In February 2018, CNBC carried a rather ominous headline announcing that the collective debt of the country had crossed the four trillion dollar mark. The consumer debt of the country has continued to grow at an alarming rate with car loans, credit card spending, and student loans all showing drastic increases over the past few years. A detailed survey in 2019 by NerdWallet brought the following not so pleasant numbers to light:

  • In December, credit card balances carried over at month end touched $466.12 billion.
  • Over the past five years, credit card debt had soared by about 37%.
  • All kinds of debts combined, the average American owes about $137,8879 in a year.
  • Student loans account for about $1.50 trillion of the total consumer debt in the country.
  • Auto loans come a close second standing at $1.33 trillion out of the $4 trillion in consumer debt.
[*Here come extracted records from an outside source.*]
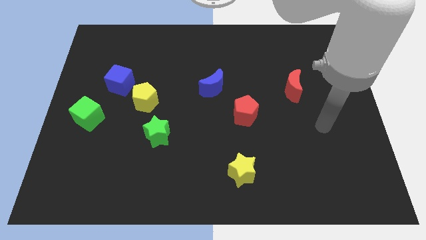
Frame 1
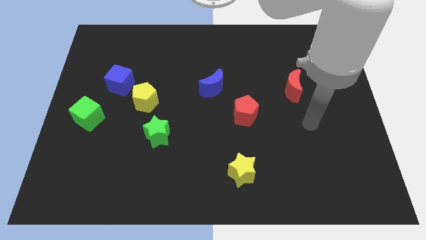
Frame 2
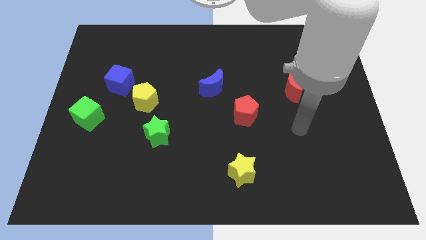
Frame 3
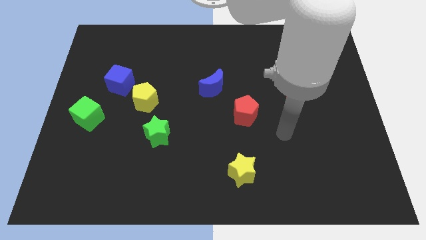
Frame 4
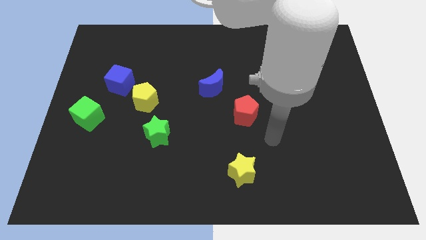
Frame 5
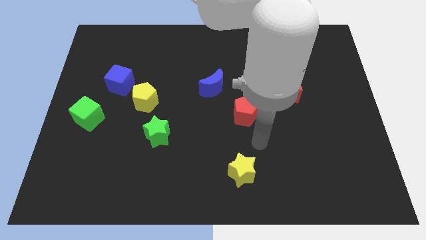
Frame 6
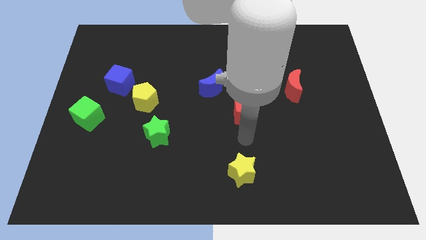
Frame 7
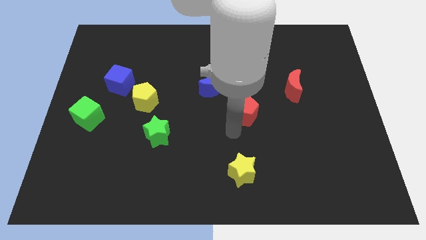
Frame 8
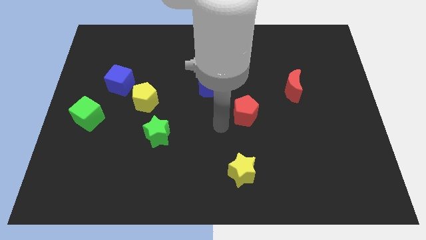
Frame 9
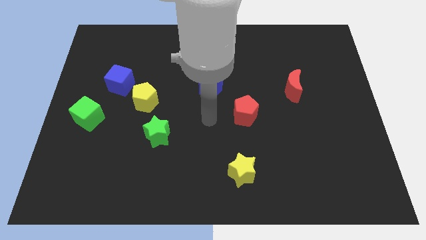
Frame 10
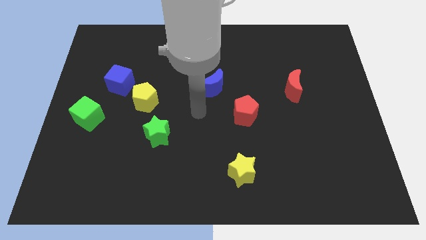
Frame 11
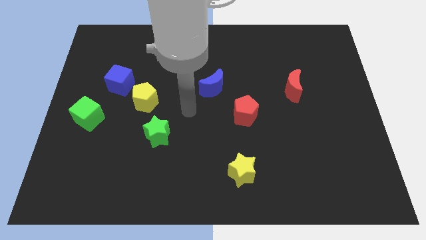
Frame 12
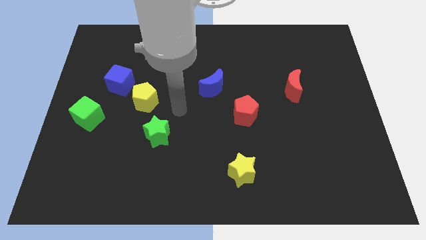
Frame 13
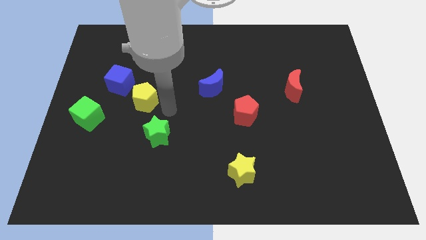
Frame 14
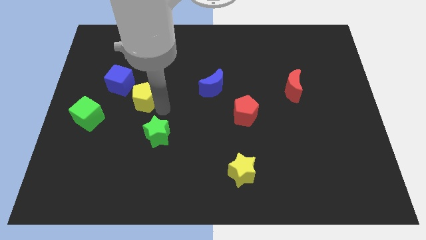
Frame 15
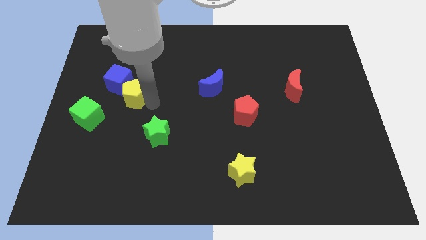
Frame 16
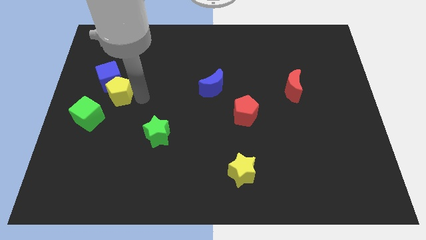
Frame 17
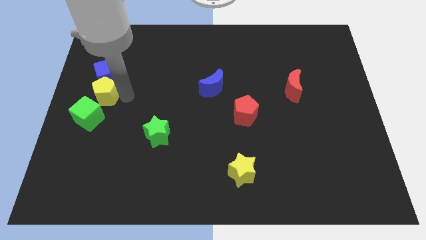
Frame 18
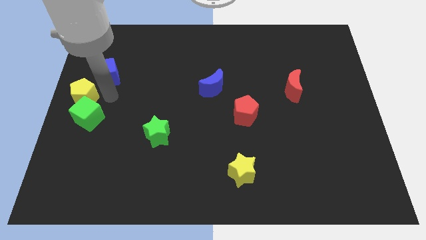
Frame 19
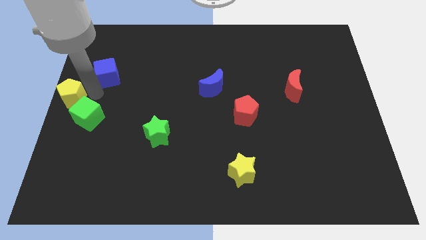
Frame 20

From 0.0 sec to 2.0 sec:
separate the blue cube from the yellow pentagon

About 10% of Americans who have credit card debt say that they will be paying it off for over more than a decade. 9% of the surveyed believed that they could never fully pay off their credit card debt.

Debt has affected Americans to such an extent that 37% are putting off having kids because they are not in financially sound health. For about half of the Americans who aren’t parents, it is the costs associated with a child that deter them from having a child.
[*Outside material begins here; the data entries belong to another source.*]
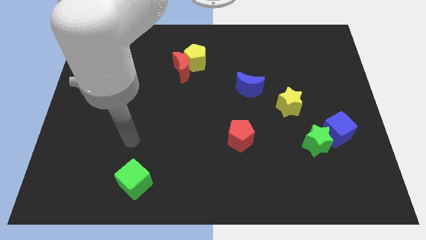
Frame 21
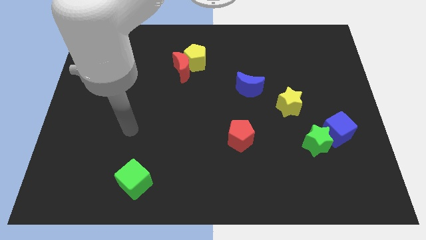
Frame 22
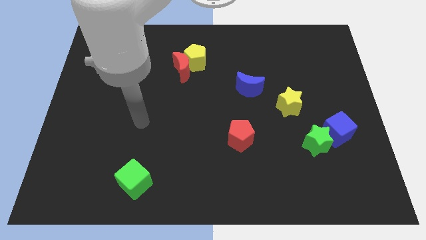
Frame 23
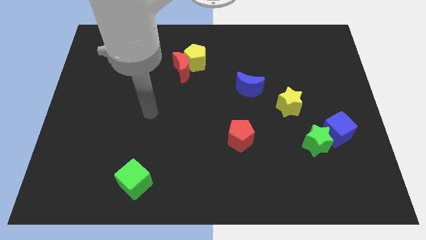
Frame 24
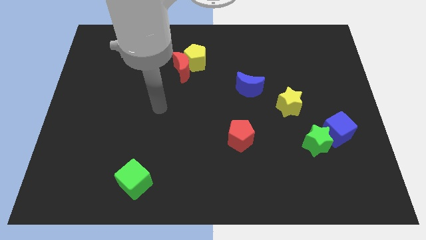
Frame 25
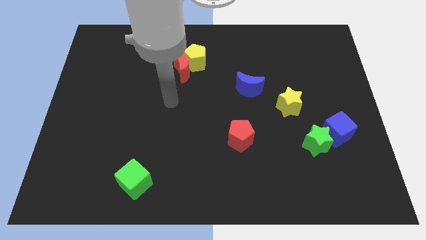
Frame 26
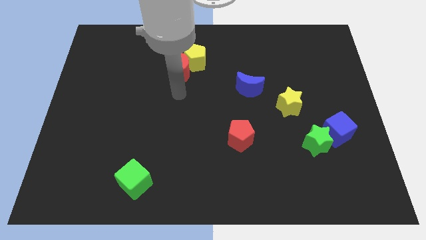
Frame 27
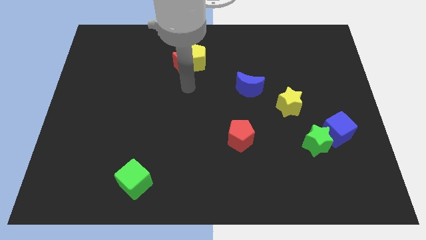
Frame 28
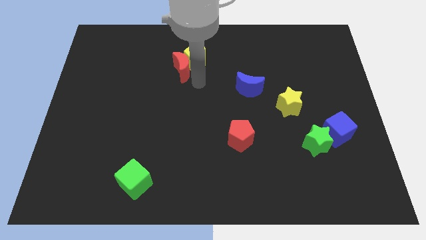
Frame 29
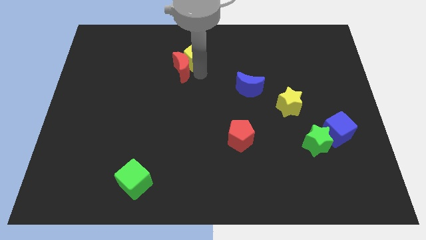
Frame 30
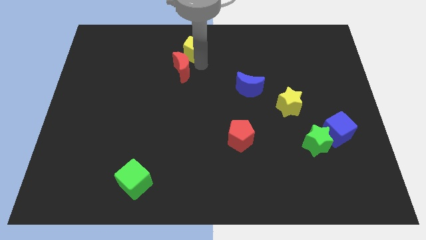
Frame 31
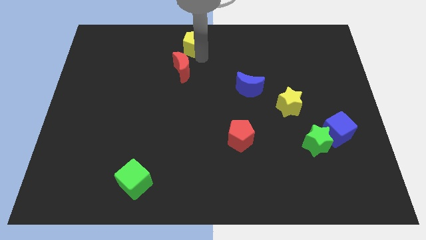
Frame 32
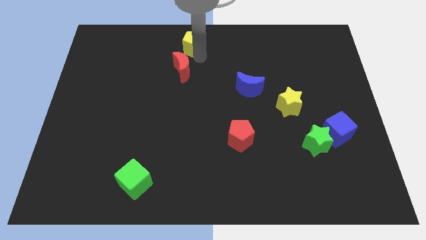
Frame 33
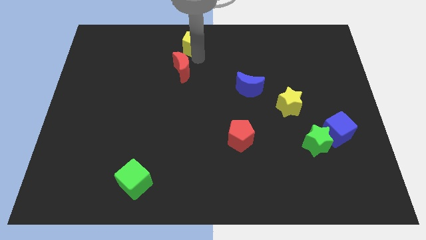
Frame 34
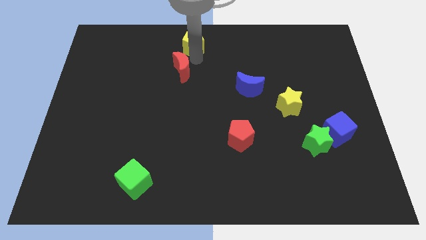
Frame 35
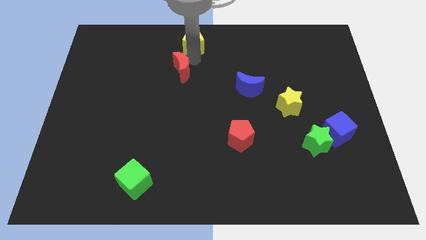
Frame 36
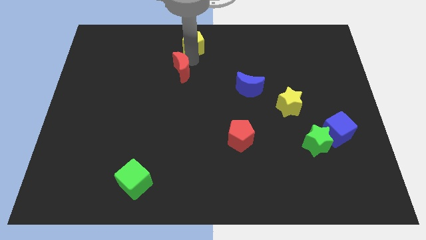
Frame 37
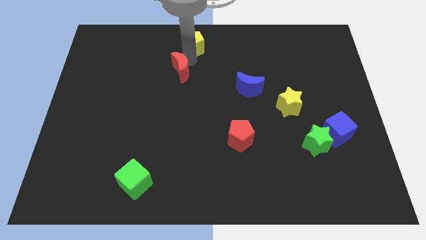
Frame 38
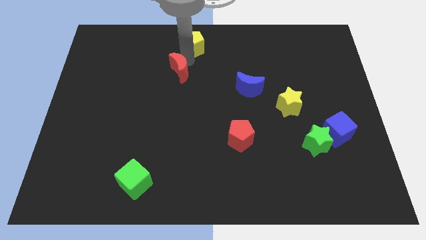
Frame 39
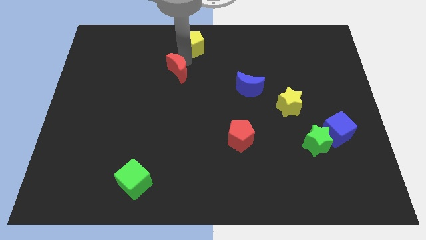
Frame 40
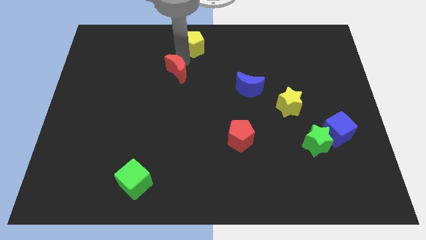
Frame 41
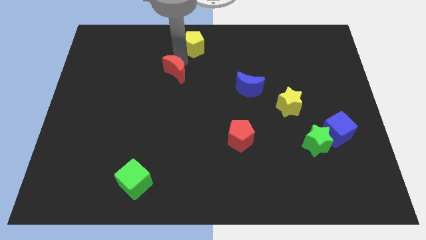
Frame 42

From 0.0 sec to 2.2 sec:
move the red moon away from the yellow pentagon

Evidently, poor financial health and, in particular, massive debt are not problems to be ignored at all. In fact, it would not be wrong to call this an issue of epidemic proportions, given how common it is to find an American who is struggling under the enormous burden of debt, unable to find a way to pay it all off.

The fact is that saving for our golden years is the top priority, but right alongside that comes getting rid of debt by paying it all off. Ironically enough, the first cannot quite be done without achieving the second, simply because huge debts soak up every extra dollar you have and don’t let you save at all. The first step then towards financial security is to eliminate the debt you have. Getting rid of debt completely would be the ideal situation, but if this is impossible, what you need to focus on is paying off the biggest debts, the ones that are eating into your finances in a major way.

Luckily, there are ways to pay off the most massive of debts and become financially secure, and there is more than one thing you can do to improve your debt situation and financial health.

Debt Repayment Strategies You Should Adopt

Credit Card Debt

Let’s talk about credit card debt first because this is one of the most significant debts Americans carry and also one of the biggest debt burdens that the average American may be belaboring under. As per a CNBC report, card rates in 2020 are currently averaging at 17.4%, just down from the peak of 17.85% recorded last in July 2019. Still, credit cards are the most common way for Americans to chalk up more debt to their portfolio. An average American household may be paying out more than $1,000 per year merely by way of interest on credit card debt. That’s $1,000 that’s not giving you any value at all; it is just lining your credit card issuer’s pockets. Imagine how much of your debt you could eliminate with that extra $1,000 if only you did not have credit card dues stacked up.

A Compare Cards study showed that about 35% of cardholders had more debt in the beginning of the year 2020 than they did at the beginning of 2019. This clearly means they have either taken more credit or failed to pay off the debt efficiently during the previous year.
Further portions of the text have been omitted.